Friedrichshafen / sz - Stühle, auf denen man nicht sitzen kann, eine Batterie, die keinen Strom abgibt – wem nützt das? Genau diese Frage ist Ausgangspunkt für die Ausstellung "non profit – nutzlose Nutzbarkeiten jenseits von Nutzen", die als Kooperation von Kunstverein und Zeppelin Museum am Donnerstag um 19 Uhr im Wechselausstellungsraum des Museums eröffnet wird.
So wie der Kunstverein sich im ganzen vergangenen Jahr auf unterschiedliche Weise dem Phänomen "Zeit" und damit auch dem allgegenwärtigen Zeitdruck angenähert hat, so war es die Idee von Kurator Jörg van den Berg, als nächsten Schritt nachzudenken über den enormen Effizienzdruck, der sich zu verabsolutieren droht. Effizienz ist gefordert in der Wirtschaft, in der Politik, im Militär, von jedem Einzelnen. Da fragt sich, inwieweit die Kunst ebenfalls in diese Kosten-Nutzen-Frage eingespannt ist – oder ist sie noch ein letztes Refugium? Ist der Künstler aus Zeit und Logik herausgenommen, darf er aus die Nutzen-Metaphern hinter sich lassen, nutzen-freie Kunst schaffen? Wird gar hier die Freiheit einer Gesellschaft entschieden?
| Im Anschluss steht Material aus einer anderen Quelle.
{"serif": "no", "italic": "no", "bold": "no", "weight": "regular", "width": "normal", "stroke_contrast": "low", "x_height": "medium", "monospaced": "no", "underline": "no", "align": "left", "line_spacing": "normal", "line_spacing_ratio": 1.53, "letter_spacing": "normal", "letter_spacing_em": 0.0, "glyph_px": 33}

Fragen, die Jörg van den Berg beim Presserundgang in den Raum stellte, Fragen, die Frank-Thorsten Moll als Leiter der Kunstabteilung des Zeppelin Museums gern aufgegriffen hat, so dass gemeinsam eine Ausstellung entstanden ist, die gerade dadurch zum Nachdenken anregt, als sie sich der Ökonomisierung der Kunst entgegenstellt.
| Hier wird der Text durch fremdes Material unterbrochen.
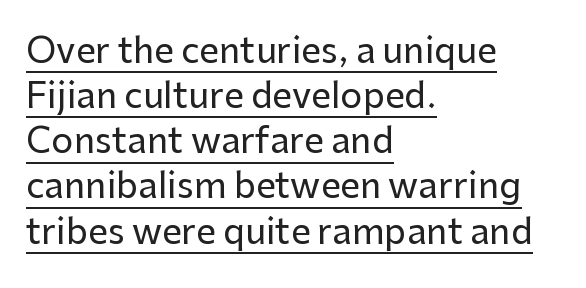
{"serif": "no", "italic": "no", "width": "normal", "stroke_contrast": "low", "x_height": "medium", "monospaced": "no", "underline": "yes", "align": "left", "line_spacing": "normal", "line_spacing_ratio": 1.29, "letter_spacing": "normal", "letter_spacing_em": 0.0, "glyph_px": 35}

Auch die Ströme sind zwecklos
Eine Ausstellung, die sich auf neun Werke von sieben Künstlern beschränkt, ihnen den nötigen Raum gibt und den Besucher auffordert, in diesem offenen Netzwerk Knotenpunkte zu finden, Linien zu ziehen von einem zum anderen. Einen achten Künstler hat Moll aus dem Depot eingebracht: Ein barockes Landschaftsbild von Franz Joachim Beich korrespondiert mit seinem idealisierten Blick in die Natur mit Michael Reischs Großfotografie vom schneebedeckten Matterhorn. Aber zeigt Reisch die Wirklichkeit oder lässt er nicht eher an der Wahrnehmung zweifeln? Jungfräulich liegen die Schneehänge da, kein "Matterhorn-Express", keine Liftanlagen, keine Hütten stören die Idylle – die Bearbeitung hat alles Kommerzielle herausgelöscht. Daneben lässt Judith Fegerl in Reihe Ströme fließen durch Kupfer- und Aluminiumplatten oder Wärmelampen von der Decke hängen – zweckfreie Ströme. Dagegen regiert die Kosten-Nutzen-Frage das Video von Adrian Paci. Er verfolgt den Weg eines Steinblocks aus China nach Paris, bei dem die Transportzeit genutzt wird, um die bestellten dorischen Säulen für die Galerie "Jeu de Paume" herauszuarbeiten. Zweckfrei ist dagegen, was Matthias Wermke und Mischa Leinkauf in Berlin im Video festgehalten haben: Ob nächtliche Skyline, Fernsehturm oder U-Bahn-Schacht, immer schiebt sich Wermke unbekümmert auf einer Schaukel ins Bild. Alexej Meschtschanows Stuhlreihe namens "Bopparder Kanapee" lässt einen die ganz unterschiedlichen Stühle wahrnehmen, die man sonst einfach als Sitzgelegenheit nutzen würde. Keinen "Nutzen" für den Kunstmarkt hat Gregor Gleiwitz’ direkt auf die Wand gemalte Malerei – wer will sie mitnehmen? Ein Text der Lyrikerin Barbara Köhler, der Lücken, Lügen und anderes hinterfragt, führt hinein in die Ausstellung.
Die Eröffnung findet heute, Donnerstag, 22. Januar, um 19 Uhr, statt. Dauer der Ausstellung bis 8. März, geöffnet Dienstag bis Sonntag von 10 bis 17 Uhr.